> **Required action**
Restate word for word, and only, the lines that extend from the line containing "57.27,183.56 0,280.76 108.88,280.86" through the end of the records below.
○ ○ ○
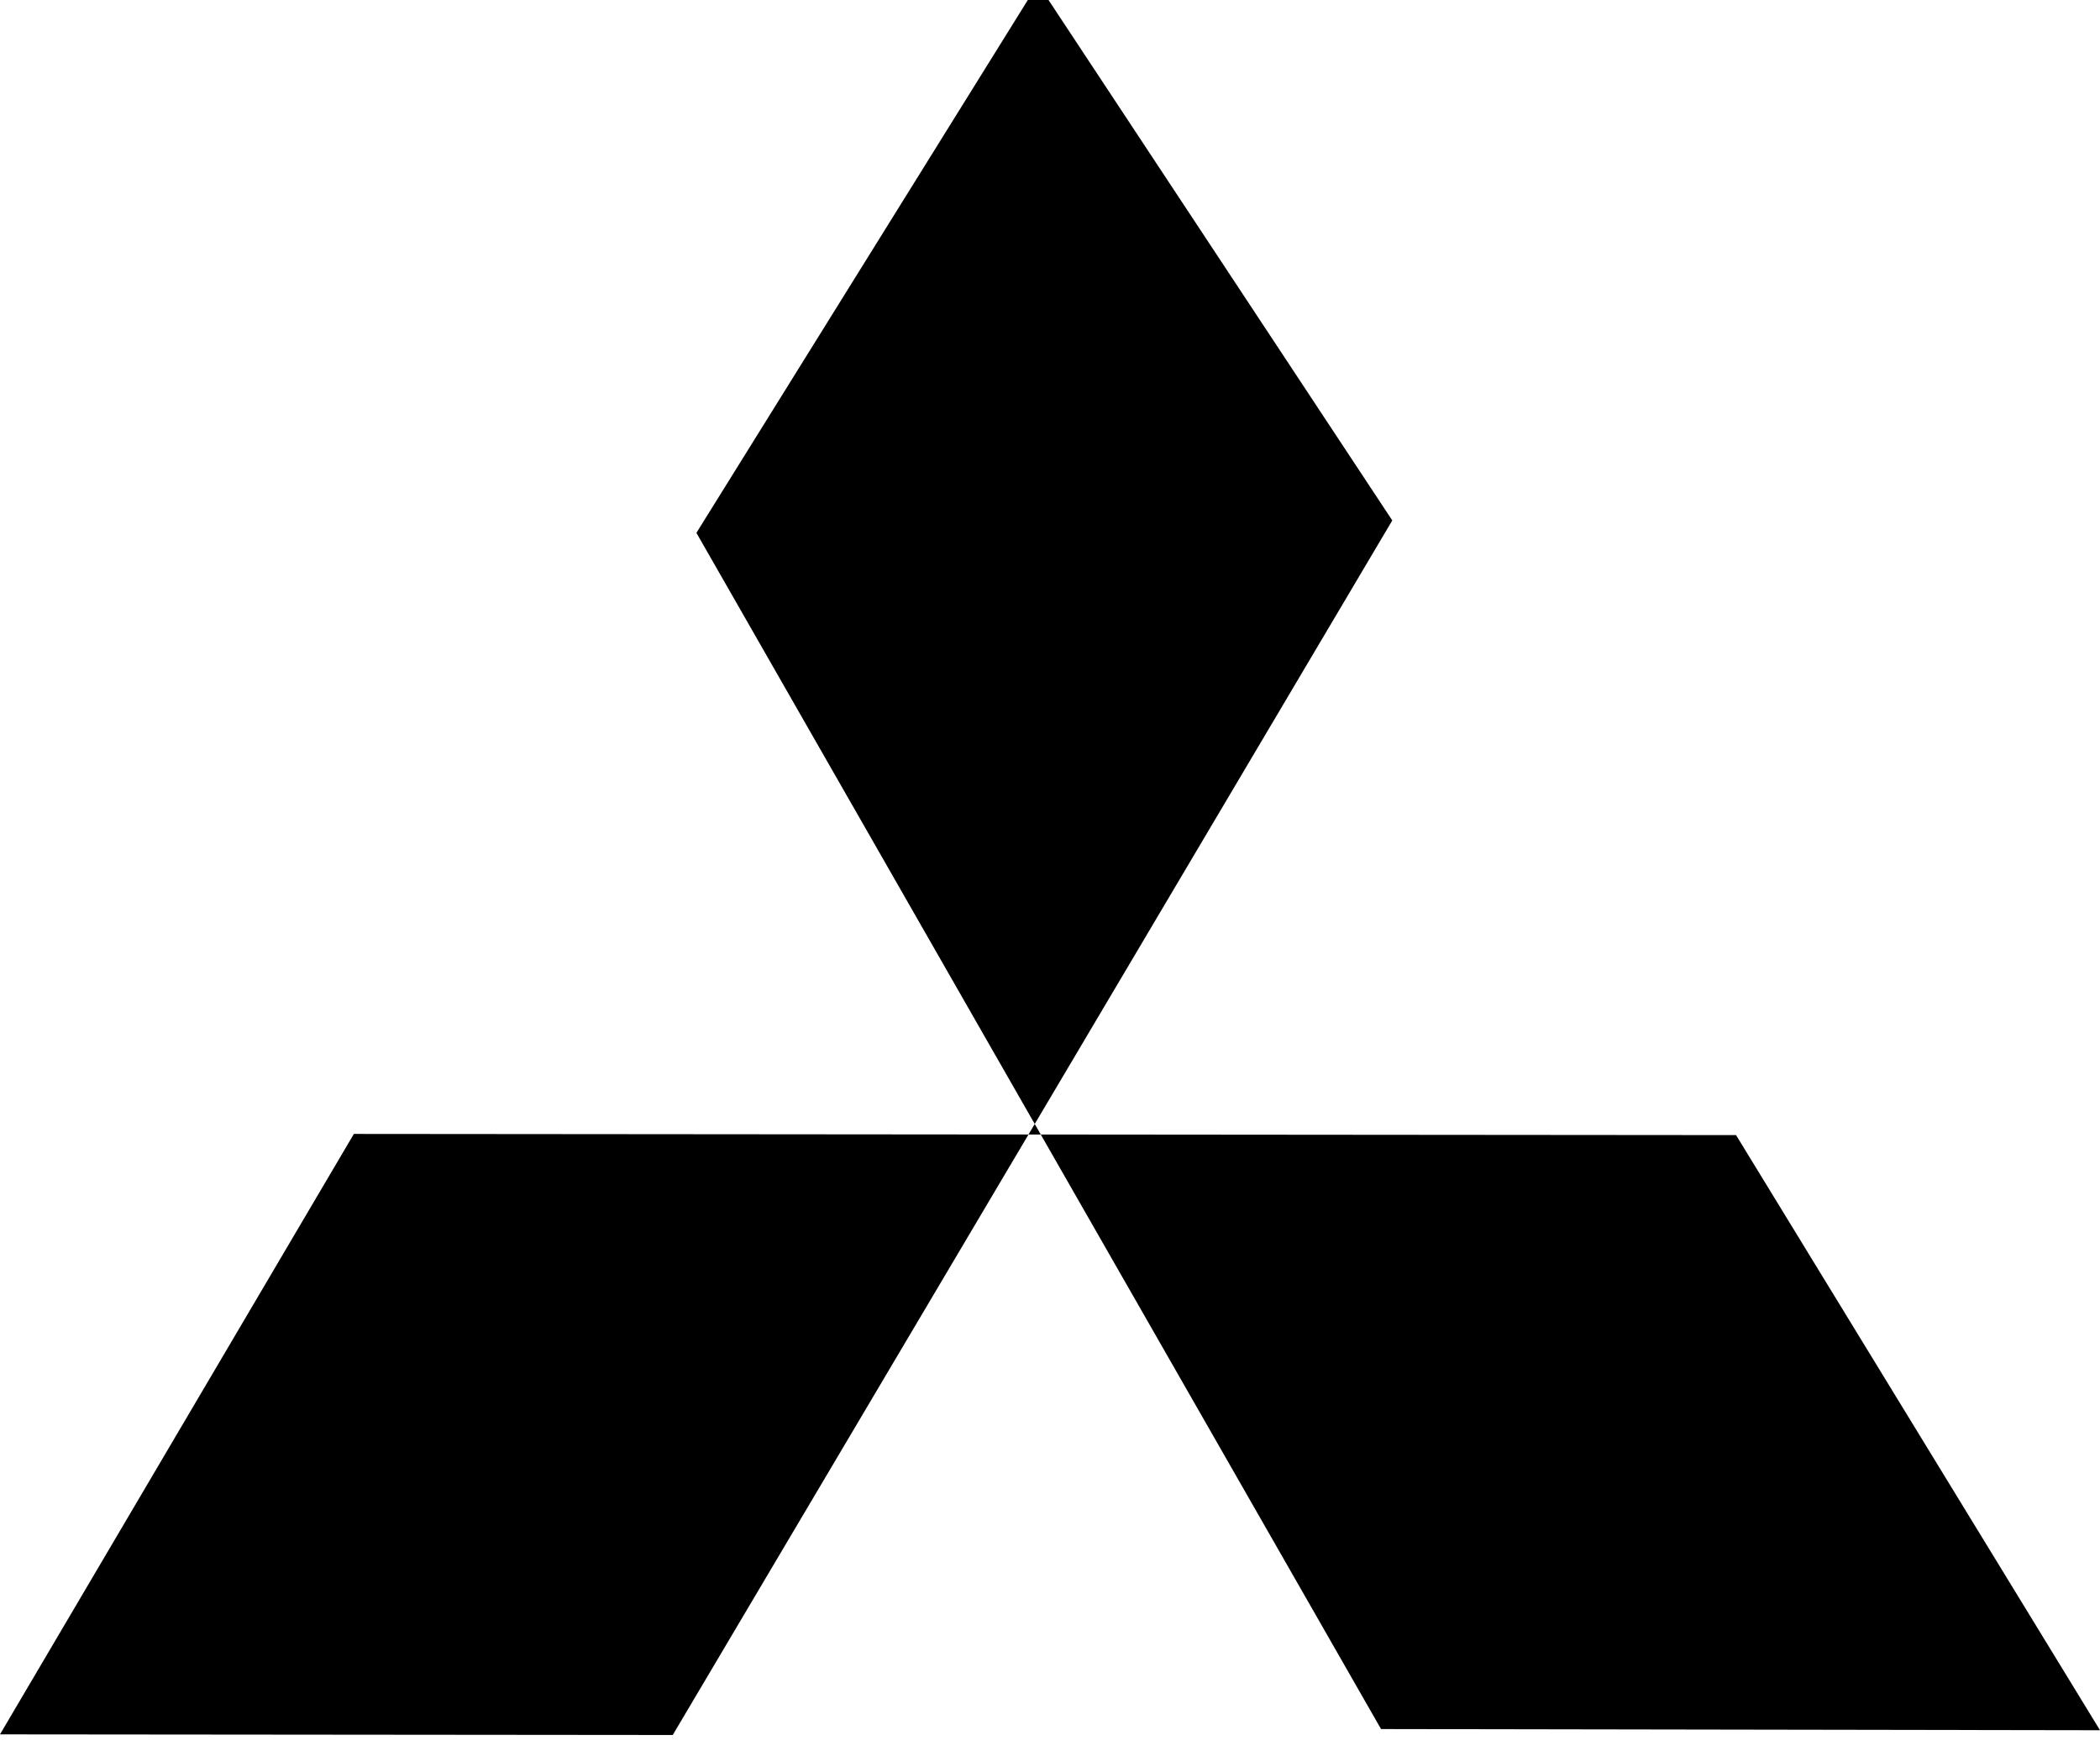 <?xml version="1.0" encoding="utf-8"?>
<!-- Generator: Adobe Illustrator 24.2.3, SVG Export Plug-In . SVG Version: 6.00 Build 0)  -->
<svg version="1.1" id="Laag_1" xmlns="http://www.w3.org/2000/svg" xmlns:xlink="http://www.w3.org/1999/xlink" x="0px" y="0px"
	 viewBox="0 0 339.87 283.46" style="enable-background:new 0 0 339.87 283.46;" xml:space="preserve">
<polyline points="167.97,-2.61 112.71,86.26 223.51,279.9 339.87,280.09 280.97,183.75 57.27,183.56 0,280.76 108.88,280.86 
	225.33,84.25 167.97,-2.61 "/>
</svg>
○ ○ ○
> **Task response**
<polyline points="167.97,-2.61 112.71,86.26 223.51,279.9 339.87,280.09 280.97,183.75 57.27,183.56 0,280.76 108.88,280.86 
	225.33,84.25 167.97,-2.61 "/>
</svg>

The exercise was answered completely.